*PROMPT:*
From the material below, copy each line that holds the word "taxiway".

*DATA FOR REVIEW:*
_____

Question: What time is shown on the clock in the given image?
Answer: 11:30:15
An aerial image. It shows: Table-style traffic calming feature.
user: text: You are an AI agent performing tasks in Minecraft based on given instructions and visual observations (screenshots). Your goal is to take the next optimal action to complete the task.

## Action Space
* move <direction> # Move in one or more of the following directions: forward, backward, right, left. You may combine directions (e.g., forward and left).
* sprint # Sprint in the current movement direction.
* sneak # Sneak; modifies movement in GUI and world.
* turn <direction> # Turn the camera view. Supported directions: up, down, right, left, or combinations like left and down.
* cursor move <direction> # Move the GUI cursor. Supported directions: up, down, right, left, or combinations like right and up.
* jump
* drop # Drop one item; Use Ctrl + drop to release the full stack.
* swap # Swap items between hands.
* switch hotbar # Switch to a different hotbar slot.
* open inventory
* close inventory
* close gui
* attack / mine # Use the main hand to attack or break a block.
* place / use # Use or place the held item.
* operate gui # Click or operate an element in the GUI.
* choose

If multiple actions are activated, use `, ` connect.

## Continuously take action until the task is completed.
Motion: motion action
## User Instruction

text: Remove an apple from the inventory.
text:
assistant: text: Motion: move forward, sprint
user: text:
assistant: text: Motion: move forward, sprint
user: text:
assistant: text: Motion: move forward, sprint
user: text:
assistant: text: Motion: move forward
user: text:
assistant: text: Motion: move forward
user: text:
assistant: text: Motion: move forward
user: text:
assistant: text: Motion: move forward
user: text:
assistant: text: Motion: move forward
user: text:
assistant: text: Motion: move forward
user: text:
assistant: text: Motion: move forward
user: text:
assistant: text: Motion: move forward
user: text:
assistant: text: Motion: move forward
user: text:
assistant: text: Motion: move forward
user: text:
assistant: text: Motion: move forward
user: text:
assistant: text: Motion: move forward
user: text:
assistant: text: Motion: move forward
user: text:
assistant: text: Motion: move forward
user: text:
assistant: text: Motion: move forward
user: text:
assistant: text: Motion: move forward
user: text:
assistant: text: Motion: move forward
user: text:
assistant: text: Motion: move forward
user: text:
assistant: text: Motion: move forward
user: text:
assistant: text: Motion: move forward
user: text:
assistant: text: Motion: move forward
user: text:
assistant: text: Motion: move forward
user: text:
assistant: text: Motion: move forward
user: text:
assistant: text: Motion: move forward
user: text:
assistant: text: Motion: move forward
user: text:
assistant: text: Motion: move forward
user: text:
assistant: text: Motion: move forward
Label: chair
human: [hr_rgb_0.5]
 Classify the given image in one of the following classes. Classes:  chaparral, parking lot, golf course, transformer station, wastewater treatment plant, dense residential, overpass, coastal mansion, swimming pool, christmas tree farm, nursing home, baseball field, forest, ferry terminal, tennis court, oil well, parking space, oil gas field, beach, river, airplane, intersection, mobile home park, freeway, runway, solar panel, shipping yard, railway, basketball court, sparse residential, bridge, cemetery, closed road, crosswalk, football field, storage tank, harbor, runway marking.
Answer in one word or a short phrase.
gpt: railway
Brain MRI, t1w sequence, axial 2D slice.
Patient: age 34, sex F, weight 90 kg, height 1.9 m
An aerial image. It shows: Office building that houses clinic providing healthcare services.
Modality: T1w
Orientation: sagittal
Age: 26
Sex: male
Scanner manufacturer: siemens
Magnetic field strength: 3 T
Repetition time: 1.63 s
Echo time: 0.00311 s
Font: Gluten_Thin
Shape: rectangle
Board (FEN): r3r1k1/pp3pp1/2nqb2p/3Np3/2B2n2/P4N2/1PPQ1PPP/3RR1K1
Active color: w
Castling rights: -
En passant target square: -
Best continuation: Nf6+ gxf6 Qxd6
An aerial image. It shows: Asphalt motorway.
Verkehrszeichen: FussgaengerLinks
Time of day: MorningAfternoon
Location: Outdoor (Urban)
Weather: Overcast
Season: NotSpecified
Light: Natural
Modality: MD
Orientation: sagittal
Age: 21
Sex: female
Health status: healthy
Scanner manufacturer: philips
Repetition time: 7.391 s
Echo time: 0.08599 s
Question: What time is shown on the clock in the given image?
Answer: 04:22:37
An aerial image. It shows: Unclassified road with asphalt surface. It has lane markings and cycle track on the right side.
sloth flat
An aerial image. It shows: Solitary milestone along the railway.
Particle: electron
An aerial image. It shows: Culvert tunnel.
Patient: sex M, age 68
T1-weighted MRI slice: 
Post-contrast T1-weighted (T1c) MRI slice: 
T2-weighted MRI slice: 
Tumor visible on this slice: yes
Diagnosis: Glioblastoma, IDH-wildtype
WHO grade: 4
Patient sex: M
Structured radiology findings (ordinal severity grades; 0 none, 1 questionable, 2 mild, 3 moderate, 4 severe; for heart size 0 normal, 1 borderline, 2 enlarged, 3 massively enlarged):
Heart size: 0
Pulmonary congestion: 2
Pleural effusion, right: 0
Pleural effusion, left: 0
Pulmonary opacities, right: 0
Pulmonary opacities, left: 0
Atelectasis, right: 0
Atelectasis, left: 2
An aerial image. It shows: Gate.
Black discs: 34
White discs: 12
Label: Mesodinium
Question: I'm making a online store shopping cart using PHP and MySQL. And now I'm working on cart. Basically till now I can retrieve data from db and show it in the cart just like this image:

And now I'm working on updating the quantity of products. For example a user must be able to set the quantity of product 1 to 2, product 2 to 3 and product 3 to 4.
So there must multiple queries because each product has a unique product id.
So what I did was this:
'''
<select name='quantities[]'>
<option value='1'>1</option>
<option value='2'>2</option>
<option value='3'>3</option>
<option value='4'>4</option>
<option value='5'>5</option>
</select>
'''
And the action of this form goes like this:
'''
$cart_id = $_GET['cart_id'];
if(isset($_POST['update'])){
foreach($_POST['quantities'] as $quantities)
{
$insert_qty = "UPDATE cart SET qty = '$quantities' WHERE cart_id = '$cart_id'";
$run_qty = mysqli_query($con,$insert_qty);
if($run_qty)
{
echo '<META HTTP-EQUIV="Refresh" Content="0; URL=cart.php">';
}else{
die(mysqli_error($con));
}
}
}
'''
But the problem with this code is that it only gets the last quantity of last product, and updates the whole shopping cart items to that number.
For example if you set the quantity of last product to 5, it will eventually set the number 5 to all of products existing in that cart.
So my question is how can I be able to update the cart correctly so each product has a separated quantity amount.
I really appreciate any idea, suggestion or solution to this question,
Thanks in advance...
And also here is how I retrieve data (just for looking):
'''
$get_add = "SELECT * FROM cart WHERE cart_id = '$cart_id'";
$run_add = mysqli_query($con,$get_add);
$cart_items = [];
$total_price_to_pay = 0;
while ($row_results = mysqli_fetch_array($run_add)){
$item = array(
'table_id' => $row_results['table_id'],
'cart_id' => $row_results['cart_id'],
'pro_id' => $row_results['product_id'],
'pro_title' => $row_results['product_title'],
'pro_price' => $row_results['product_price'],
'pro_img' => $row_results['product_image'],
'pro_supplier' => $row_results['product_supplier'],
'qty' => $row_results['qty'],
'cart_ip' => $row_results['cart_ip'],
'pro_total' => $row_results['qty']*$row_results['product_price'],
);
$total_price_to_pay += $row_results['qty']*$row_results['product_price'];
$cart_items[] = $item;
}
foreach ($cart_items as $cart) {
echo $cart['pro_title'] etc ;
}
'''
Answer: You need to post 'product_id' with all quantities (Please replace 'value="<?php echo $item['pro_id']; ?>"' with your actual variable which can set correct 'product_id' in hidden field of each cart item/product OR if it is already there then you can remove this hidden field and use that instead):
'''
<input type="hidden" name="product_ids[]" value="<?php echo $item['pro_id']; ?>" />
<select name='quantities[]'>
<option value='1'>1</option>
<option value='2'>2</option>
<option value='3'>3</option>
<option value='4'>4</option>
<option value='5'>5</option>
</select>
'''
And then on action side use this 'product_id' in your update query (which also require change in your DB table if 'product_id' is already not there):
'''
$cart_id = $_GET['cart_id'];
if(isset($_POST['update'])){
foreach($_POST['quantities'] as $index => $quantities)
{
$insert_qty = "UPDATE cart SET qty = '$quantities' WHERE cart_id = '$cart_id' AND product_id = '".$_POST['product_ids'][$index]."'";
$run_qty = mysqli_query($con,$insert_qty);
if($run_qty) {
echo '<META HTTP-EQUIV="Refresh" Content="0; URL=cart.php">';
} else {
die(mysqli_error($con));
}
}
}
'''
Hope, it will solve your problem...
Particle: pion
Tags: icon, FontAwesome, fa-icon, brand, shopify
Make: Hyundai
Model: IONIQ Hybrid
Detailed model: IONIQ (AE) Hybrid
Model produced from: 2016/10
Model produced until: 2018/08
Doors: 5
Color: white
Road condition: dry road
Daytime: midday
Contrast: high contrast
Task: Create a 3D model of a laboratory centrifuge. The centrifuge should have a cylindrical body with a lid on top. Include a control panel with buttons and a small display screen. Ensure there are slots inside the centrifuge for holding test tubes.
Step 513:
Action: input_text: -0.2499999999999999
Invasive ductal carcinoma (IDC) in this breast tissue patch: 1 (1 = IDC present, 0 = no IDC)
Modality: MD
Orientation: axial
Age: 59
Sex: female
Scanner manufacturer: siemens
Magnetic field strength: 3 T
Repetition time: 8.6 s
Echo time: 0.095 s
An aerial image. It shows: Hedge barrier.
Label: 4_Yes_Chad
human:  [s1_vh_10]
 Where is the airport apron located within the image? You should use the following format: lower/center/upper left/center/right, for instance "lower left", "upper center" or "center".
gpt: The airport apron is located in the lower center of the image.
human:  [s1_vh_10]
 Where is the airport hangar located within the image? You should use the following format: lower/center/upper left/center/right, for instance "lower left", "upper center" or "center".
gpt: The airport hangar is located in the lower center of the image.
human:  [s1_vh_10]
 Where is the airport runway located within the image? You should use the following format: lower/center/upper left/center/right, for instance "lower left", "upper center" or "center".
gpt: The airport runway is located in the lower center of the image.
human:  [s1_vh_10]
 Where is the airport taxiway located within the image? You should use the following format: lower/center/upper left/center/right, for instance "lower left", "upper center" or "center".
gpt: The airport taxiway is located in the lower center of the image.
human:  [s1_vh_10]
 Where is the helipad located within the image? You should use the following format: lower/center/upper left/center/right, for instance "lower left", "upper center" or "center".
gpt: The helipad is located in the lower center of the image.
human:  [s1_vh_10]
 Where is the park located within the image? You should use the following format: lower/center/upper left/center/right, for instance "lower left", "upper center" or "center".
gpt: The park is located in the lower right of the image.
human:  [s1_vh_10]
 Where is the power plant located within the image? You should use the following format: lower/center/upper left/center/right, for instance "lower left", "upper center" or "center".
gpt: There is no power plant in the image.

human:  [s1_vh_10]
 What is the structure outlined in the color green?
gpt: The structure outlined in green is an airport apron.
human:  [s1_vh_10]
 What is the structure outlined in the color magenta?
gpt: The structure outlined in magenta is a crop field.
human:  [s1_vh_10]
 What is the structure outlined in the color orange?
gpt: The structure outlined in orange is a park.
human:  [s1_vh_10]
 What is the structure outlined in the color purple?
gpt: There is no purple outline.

_____

*RESPONSE TO THIS EXERCISE:*
 Where is the airport taxiway located within the image? You should use the following format: lower/center/upper left/center/right, for instance "lower left", "upper center" or "center".
gpt: The airport taxiway is located in the lower center of the image.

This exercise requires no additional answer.